20x+10y=1100,30x-20y=10

To solve a pair of equations using substitution, first solve one of the equations for one of the variables. Then substitute the result for that variable in the other equation.

20x+10y=1100

Choose one of the equations and solve it for x by isolating x on the left hand side of the equal sign.

20x=-10y+1100

Subtract 10y from both sides of the equation.
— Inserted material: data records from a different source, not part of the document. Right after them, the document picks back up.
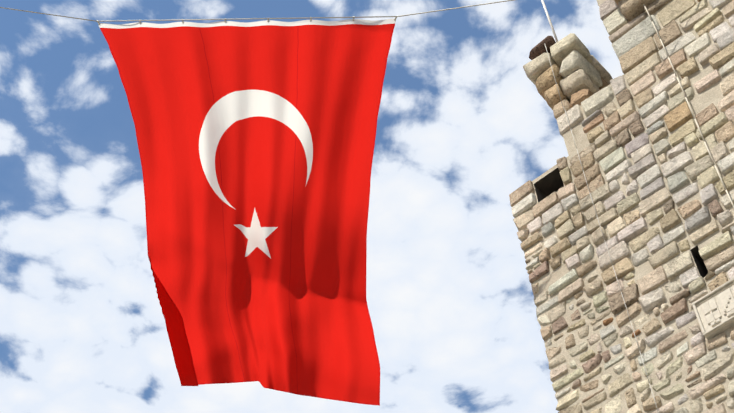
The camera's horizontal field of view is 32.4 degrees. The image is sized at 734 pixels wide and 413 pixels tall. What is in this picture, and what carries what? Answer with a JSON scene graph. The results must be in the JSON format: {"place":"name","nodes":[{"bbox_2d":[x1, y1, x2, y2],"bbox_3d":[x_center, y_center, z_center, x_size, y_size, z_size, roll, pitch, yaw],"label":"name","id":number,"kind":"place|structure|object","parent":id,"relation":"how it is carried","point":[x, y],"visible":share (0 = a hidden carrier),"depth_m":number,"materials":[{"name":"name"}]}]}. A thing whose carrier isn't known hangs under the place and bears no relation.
{"place":"outdoors","nodes":[
{"label":"outdoors","id":0,"kind":"place"},
{"bbox_2d":[0,0,623,412],"label":"sky","id":1,"kind":"structure","parent":0,"point":[462,125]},
{"label":"ground","id":2,"kind":"structure","parent":0,"visible":0},
{"bbox_2d":[522,0,733,412],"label":"mortar","id":3,"kind":"object","parent":2,"relation":"on","point":[547,183],"visible":0.21,"depth_m":15.02,"materials":[{"name":"beige concrete"}]},
{"bbox_2d":[541,0,557,42],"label":"pole","id":4,"kind":"object","parent":3,"relation":"attached to","point":[549,20],"visible":0.48,"depth_m":19.59,"materials":[{"name":"metal"}]},
{"bbox_2d":[545,45,658,412],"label":"cable","id":5,"kind":"object","parent":3,"relation":"attached to","point":[604,239],"visible":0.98,"depth_m":15.59,"materials":[{"name":"metal"}]},
{"bbox_2d":[509,0,733,323],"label":"stone blocks","id":6,"kind":"structure","parent":3,"relation":"attached to","point":[583,77],"depth_m":16.37,"materials":[{"name":"beige stone"}]},
{"bbox_2d":[525,36,733,412],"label":"stones","id":7,"kind":"object","parent":3,"relation":"attached to","point":[625,380],"visible":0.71,"depth_m":14.23,"materials":[{"name":"beige stone"}]},
{"bbox_2d":[643,4,733,207],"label":"hanging rope","id":8,"kind":"object","parent":3,"relation":"attached to","point":[690,110],"visible":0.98,"depth_m":15.96,"materials":[{"name":"white fabric"}]},
{"bbox_2d":[692,278,733,339],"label":"carved stone plaque","id":9,"kind":"object","parent":3,"relation":"attached to","point":[714,310],"visible":1,"depth_m":13.65,"materials":[{"name":"stone"}]},
{"bbox_3d":[4.883,-3.289,17.603,0.100,0.100,0.112,-36,-59,22],"label":"cable wall anchor","id":10,"kind":"object","parent":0,"visible":0},
{"bbox_2d":[0,0,513,24],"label":"rope","id":11,"kind":"object","parent":10,"relation":"attached to","point":[225,19],"visible":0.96,"depth_m":17.55,"materials":[{"name":"fabric"}]},
{"bbox_2d":[98,18,395,405],"bbox_3d":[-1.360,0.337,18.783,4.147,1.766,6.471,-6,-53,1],"label":"flag","id":12,"kind":"object","parent":11,"relation":"attached to","point":[256,142],"visible":1,"depth_m":18.66,"materials":[{"name":"fabric"}]}
]}

x=\frac{1}{20}\left(-10y+1100\right)

Divide both sides by 20.

x=-\frac{1}{2}y+55

Multiply \frac{1}{20} times -10y+1100.

30\left(-\frac{1}{2}y+55\right)-20y=10

Substitute -\frac{y}{2}+55 for x in the other equation, 30x-20y=10.

-15y+1650-20y=10

Multiply 30 times -\frac{y}{2}+55.

-35y+1650=10

Add -15y to -20y.

-35y=-1640

Subtract 1650 from both sides of the equation.

y=\frac{328}{7}

Divide both sides by -35.

x=-\frac{1}{2}\times \frac{328}{7}+55

Substitute \frac{328}{7} for y in x=-\frac{1}{2}y+55. Because the resulting equation contains only one variable, you can solve for x directly.

x=-\frac{164}{7}+55

Multiply -\frac{1}{2} times \frac{328}{7} by multiplying numerator times numerator and denominator times denominator. Then reduce the fraction to lowest terms if possible.

x=\frac{221}{7}

Add 55 to -\frac{164}{7}.

x=\frac{221}{7},y=\frac{328}{7}

The system is now solved.

20x+10y=1100,30x-20y=10

Put the equations in standard form and then use matrices to solve the system of equations.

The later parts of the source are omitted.